For more information regarding this decision, please contact Anthony J. Gabriel, Esquire at (717)441-3957 or email@example.com.
Lucas v. WCAB(City of Sharon), No. 2606 C.D. 2015 (December 20, 2015) : Any claim filed under Section 108(r) must be filed within 600 weeks of the last date of employment with exposure to the cancer causing agent.
Background: Claimant was a firefighter who sought benefits under the firefighter cancer section of the Workers’ Compensation Act after he was diagnosed with prostate cancer. Ultimately, the Court determined that the Claimant’s petition was untimely having been filed more than 600 weeks after his last date of employment with exposure to the hazards that can cause the disease.
Reasoning: Claimant joined the fire department in November 1976. He retired in March of 2000 and was diagnosed with prostate cancer in October 2009. He filed his Medical-Only Claim Petition in May 2012. During his 23 year career, he fought over 400 fires and was exposed to Group I carcinogens. He fought his last fire in February 2000. Claimant’s medical expert opined that the exposure to Group I carcinogens while performing as a firefighter was a substantial contributing factor in his development of prostate cancer. The Employer’s medical expert opined that as a matter of general causation, there was insufficient evidence to support the conclusion that firefighting caused prostate cancer.

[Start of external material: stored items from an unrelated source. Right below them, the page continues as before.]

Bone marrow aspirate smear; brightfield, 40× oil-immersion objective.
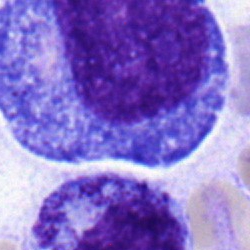Q: What cell is this?
A: This is a progranulocyte.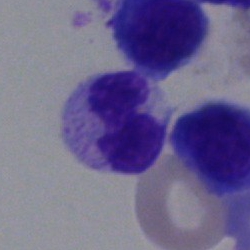
Specimen: bone marrow smear.
Classification: band-form neutrophil.
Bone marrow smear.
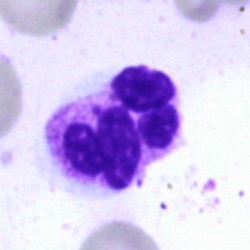

The cell type is polymorphonuclear neutrophil.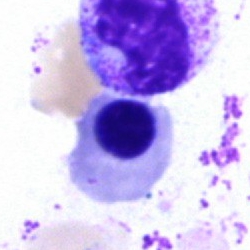Morphology consistent with a nucleated red blood cell.
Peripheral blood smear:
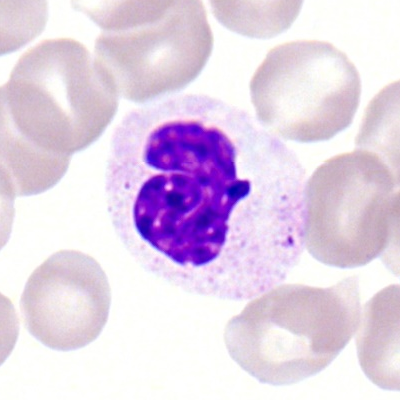Polymorphonuclear neutrophil.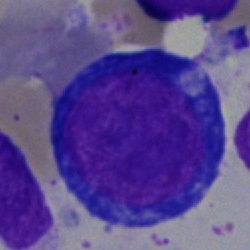 Impression — pronormoblast.
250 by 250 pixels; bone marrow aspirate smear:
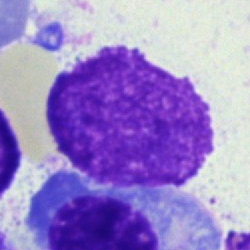 Morphology consistent with an artefact.
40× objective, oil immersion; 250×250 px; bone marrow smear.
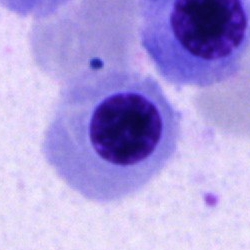

{"cell_type": "normoblast"}

The trial judge granted the Claim Petition, however, the Workers’ Compensation Appeal Board reversed finding the Claim Petition untimely. The Board pointed out that the Claimant testified that his last date of employment was March 31, 2000 and he filed his Claim Petition on May 18, 2012 or 633 weeks after his last date of employment and/or possible exposure to any cancer causing agent. Section 108(r) of the Act requires that any petition filed under the firefighter cancer presumption section must be filed within 600 weeks of the last date of employment with exposure to the cancer causing hazards.

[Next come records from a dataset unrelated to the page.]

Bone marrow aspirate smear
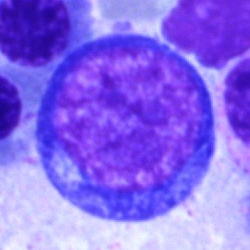Classification — erythroblast.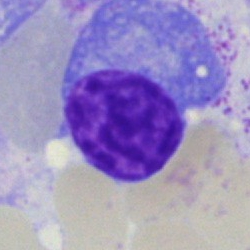

Specimen: bone marrow smear.
Cell: plasmacyte.
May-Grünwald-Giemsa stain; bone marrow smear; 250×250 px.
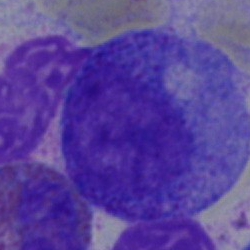 Single cell identified as a progranulocyte.

The Commonwealth Court ultimately agreed and requires any claim that is being filed under Section 108(r), because it is beyond the 300 week presumption identified in Section 301(f), to be filed within 600 weeks of the last date of employment with exposure to the cancer causing agent. If the claim is filed beyond the 600 weeks the claimant is time barred and the discovery rule (allowing the statute of limitations period to begin running only after the claimant learns by medical diagnosis that the disability is work related) does not apply.

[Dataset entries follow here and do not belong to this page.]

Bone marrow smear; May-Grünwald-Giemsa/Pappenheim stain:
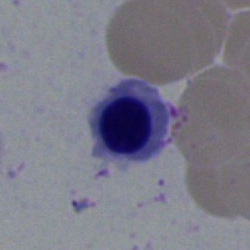 The cell type is normoblast.
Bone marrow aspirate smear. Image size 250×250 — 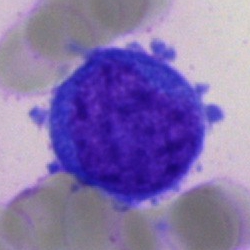
{"cell_type": "blast"}

Tip: Claims that involve firefighters seeking benefits as a result of cancer diagnosis should be closely scrutinized in terms of when the claimant was first diagnosed, the last date of employment where the claimant was actually exposed to any cancer causing hazards, whether Claimant’s evidence documents the particular cancer at issue is caused by Group I carcinogens and whether the claimant’s medical evidence documents that the actual exposure caused the cancer.